What is being asked -> Restate the listing below word for word; no picture is to be carried over.

Data shown ->
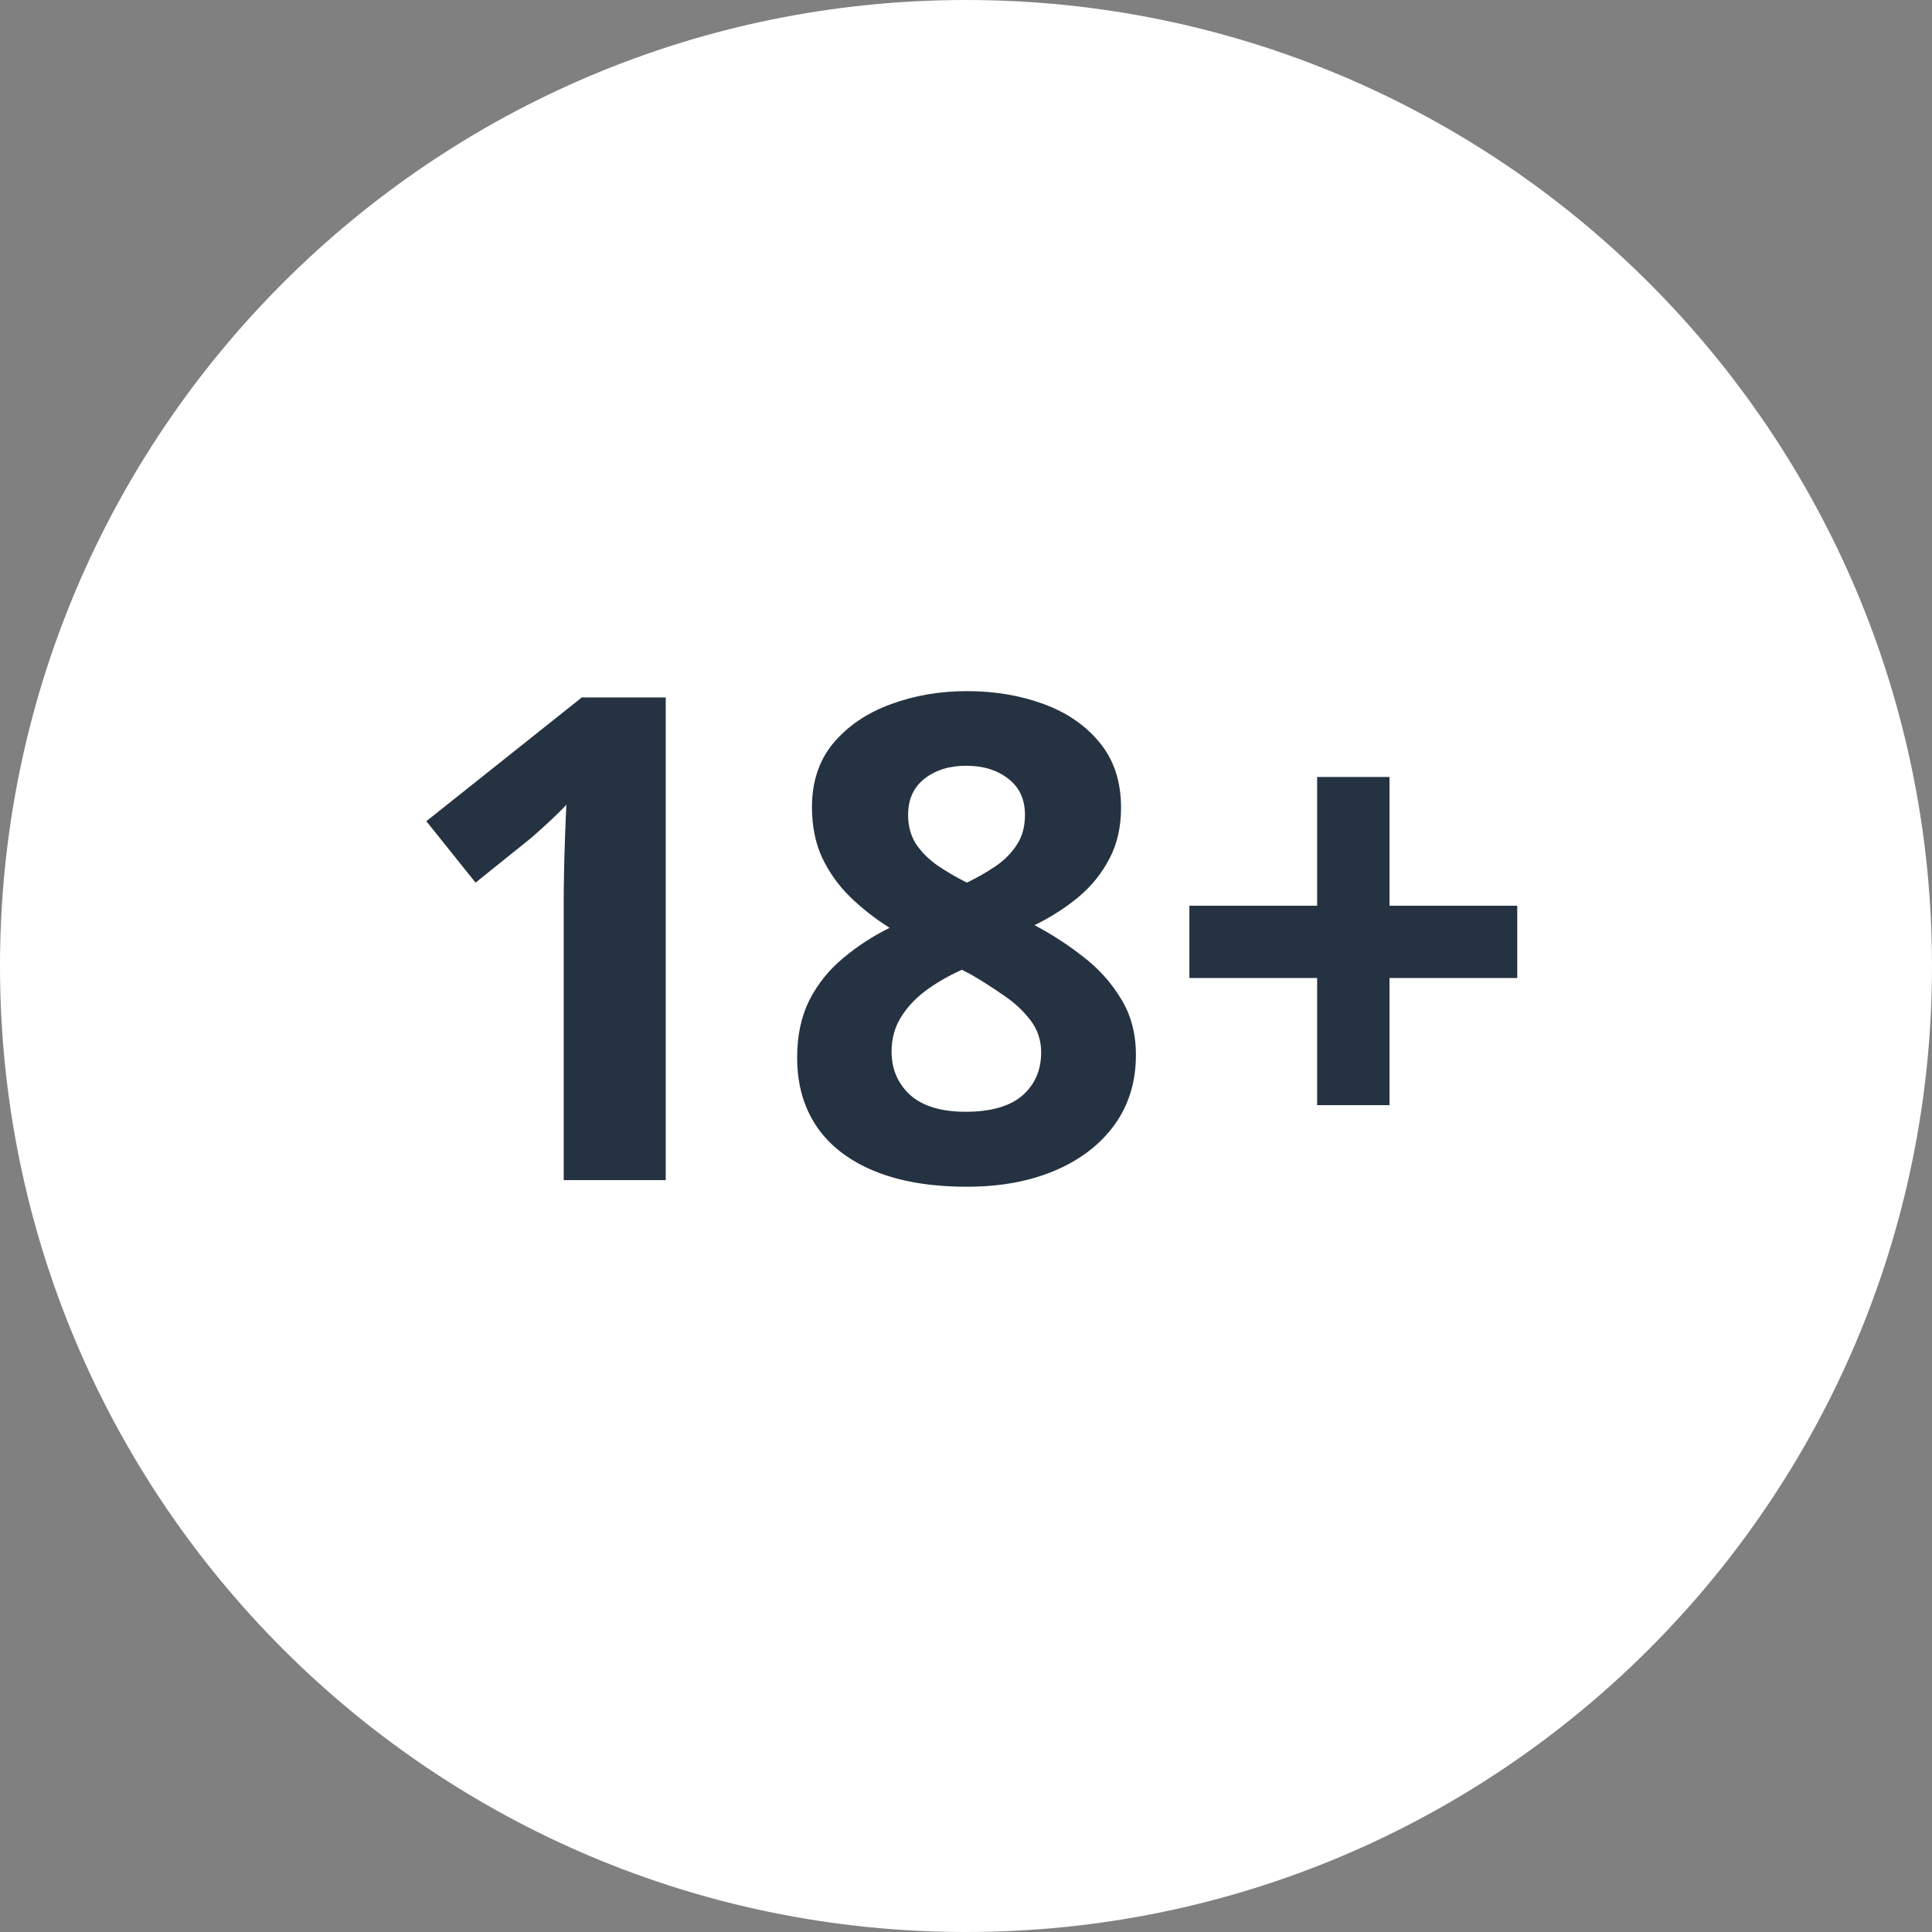 <svg width="40" height="40" viewBox="0 0 40 40" fill="none" xmlns="http://www.w3.org/2000/svg">
<rect x="0" y="0" width="40" height="40" fill="#808080" stroke="none"/>
<g clip-path="url(#clip0_23077_6969)">
<path d="M39.8 20C39.8 30.935 30.935 39.8 20 39.8C9.065 39.8 0.2 30.935 0.2 20C0.2 9.065 9.065 0.2 20 0.2C30.935 0.2 39.8 9.065 39.8 20Z" fill="white" stroke="white" stroke-width="0.4"/>
<path d="M13.783 24.433H11.671V18.649C11.671 18.49 11.673 18.294 11.678 18.062C11.682 17.825 11.689 17.583 11.698 17.337C11.707 17.086 11.716 16.861 11.726 16.66C11.675 16.72 11.573 16.822 11.418 16.968C11.268 17.109 11.126 17.237 10.994 17.351L9.846 18.274L8.827 17.002L12.047 14.439H13.783V24.433ZM20.018 14.309C20.592 14.309 21.12 14.398 21.604 14.575C22.091 14.753 22.481 15.022 22.773 15.382C23.064 15.737 23.21 16.184 23.21 16.722C23.21 17.123 23.13 17.474 22.971 17.774C22.816 18.075 22.604 18.34 22.335 18.567C22.066 18.791 21.761 18.987 21.419 19.155C21.774 19.342 22.112 19.561 22.431 19.812C22.75 20.058 23.009 20.347 23.21 20.68C23.415 21.012 23.518 21.4 23.518 21.842C23.518 22.398 23.369 22.881 23.073 23.291C22.777 23.697 22.367 24.011 21.843 24.235C21.319 24.458 20.71 24.57 20.018 24.57C19.27 24.57 18.634 24.462 18.11 24.248C17.586 24.034 17.188 23.729 16.914 23.332C16.641 22.931 16.504 22.453 16.504 21.897C16.504 21.441 16.588 21.044 16.757 20.707C16.93 20.37 17.162 20.081 17.454 19.839C17.746 19.593 18.067 19.383 18.418 19.21C18.122 19.023 17.851 18.811 17.605 18.574C17.363 18.337 17.169 18.066 17.023 17.761C16.882 17.456 16.811 17.105 16.811 16.708C16.811 16.18 16.96 15.737 17.256 15.382C17.557 15.027 17.951 14.76 18.439 14.582C18.926 14.4 19.453 14.309 20.018 14.309ZM18.459 21.774C18.459 22.134 18.587 22.432 18.842 22.669C19.102 22.901 19.484 23.018 19.99 23.018C20.514 23.018 20.906 22.906 21.166 22.683C21.426 22.455 21.556 22.156 21.556 21.787C21.556 21.532 21.48 21.309 21.33 21.117C21.184 20.926 21 20.755 20.776 20.605C20.553 20.45 20.328 20.306 20.1 20.174L19.915 20.078C19.623 20.21 19.368 20.358 19.149 20.523C18.935 20.687 18.767 20.871 18.644 21.076C18.52 21.281 18.459 21.514 18.459 21.774ZM20.004 15.854C19.658 15.854 19.37 15.943 19.143 16.12C18.915 16.298 18.801 16.549 18.801 16.872C18.801 17.1 18.855 17.301 18.965 17.474C19.079 17.642 19.227 17.791 19.409 17.918C19.596 18.046 19.799 18.164 20.018 18.274C20.227 18.173 20.423 18.062 20.605 17.939C20.788 17.816 20.936 17.667 21.05 17.494C21.164 17.321 21.221 17.114 21.221 16.872C21.221 16.549 21.105 16.298 20.872 16.12C20.644 15.943 20.355 15.854 20.004 15.854ZM28.768 18.752H31.413V20.249H28.768V22.881H27.27V20.249H24.625V18.752H27.27V16.086H28.768V18.752Z" fill="#253241"/>
</g>
<defs>
<clipPath id="clip0_23077_6969">
<rect width="40" height="40" fill="white"/>
</clipPath>
</defs>
</svg>

Response area ->
 <svg width="40" height="40" viewBox="0 0 40 40" fill="none" xmlns="http://www.w3.org/2000/svg">
<rect x="0" y="0" width="40" height="40" fill="#808080" stroke="none"/>
<g clip-path="url(#clip0_23077_6969)">
<path d="M39.8 20C39.8 30.935 30.935 39.8 20 39.8C9.065 39.8 0.2 30.935 0.2 20C0.2 9.065 9.065 0.2 20 0.2C30.935 0.2 39.8 9.065 39.8 20Z" fill="white" stroke="white" stroke-width="0.4"/>
<path d="M13.783 24.433H11.671V18.649C11.671 18.49 11.673 18.294 11.678 18.062C11.682 17.825 11.689 17.583 11.698 17.337C11.707 17.086 11.716 16.861 11.726 16.66C11.675 16.72 11.573 16.822 11.418 16.968C11.268 17.109 11.126 17.237 10.994 17.351L9.846 18.274L8.827 17.002L12.047 14.439H13.783V24.433ZM20.018 14.309C20.592 14.309 21.12 14.398 21.604 14.575C22.091 14.753 22.481 15.022 22.773 15.382C23.064 15.737 23.21 16.184 23.21 16.722C23.21 17.123 23.13 17.474 22.971 17.774C22.816 18.075 22.604 18.34 22.335 18.567C22.066 18.791 21.761 18.987 21.419 19.155C21.774 19.342 22.112 19.561 22.431 19.812C22.75 20.058 23.009 20.347 23.21 20.68C23.415 21.012 23.518 21.4 23.518 21.842C23.518 22.398 23.369 22.881 23.073 23.291C22.777 23.697 22.367 24.011 21.843 24.235C21.319 24.458 20.71 24.57 20.018 24.57C19.27 24.57 18.634 24.462 18.11 24.248C17.586 24.034 17.188 23.729 16.914 23.332C16.641 22.931 16.504 22.453 16.504 21.897C16.504 21.441 16.588 21.044 16.757 20.707C16.93 20.37 17.162 20.081 17.454 19.839C17.746 19.593 18.067 19.383 18.418 19.21C18.122 19.023 17.851 18.811 17.605 18.574C17.363 18.337 17.169 18.066 17.023 17.761C16.882 17.456 16.811 17.105 16.811 16.708C16.811 16.18 16.96 15.737 17.256 15.382C17.557 15.027 17.951 14.76 18.439 14.582C18.926 14.4 19.453 14.309 20.018 14.309ZM18.459 21.774C18.459 22.134 18.587 22.432 18.842 22.669C19.102 22.901 19.484 23.018 19.99 23.018C20.514 23.018 20.906 22.906 21.166 22.683C21.426 22.455 21.556 22.156 21.556 21.787C21.556 21.532 21.48 21.309 21.33 21.117C21.184 20.926 21 20.755 20.776 20.605C20.553 20.45 20.328 20.306 20.1 20.174L19.915 20.078C19.623 20.21 19.368 20.358 19.149 20.523C18.935 20.687 18.767 20.871 18.644 21.076C18.52 21.281 18.459 21.514 18.459 21.774ZM20.004 15.854C19.658 15.854 19.37 15.943 19.143 16.12C18.915 16.298 18.801 16.549 18.801 16.872C18.801 17.1 18.855 17.301 18.965 17.474C19.079 17.642 19.227 17.791 19.409 17.918C19.596 18.046 19.799 18.164 20.018 18.274C20.227 18.173 20.423 18.062 20.605 17.939C20.788 17.816 20.936 17.667 21.05 17.494C21.164 17.321 21.221 17.114 21.221 16.872C21.221 16.549 21.105 16.298 20.872 16.12C20.644 15.943 20.355 15.854 20.004 15.854ZM28.768 18.752H31.413V20.249H28.768V22.881H27.27V20.249H24.625V18.752H27.27V16.086H28.768V18.752Z" fill="#253241"/>
</g>
<defs>
<clipPath id="clip0_23077_6969">
<rect width="40" height="40" fill="white"/>
</clipPath>
</defs>
</svg>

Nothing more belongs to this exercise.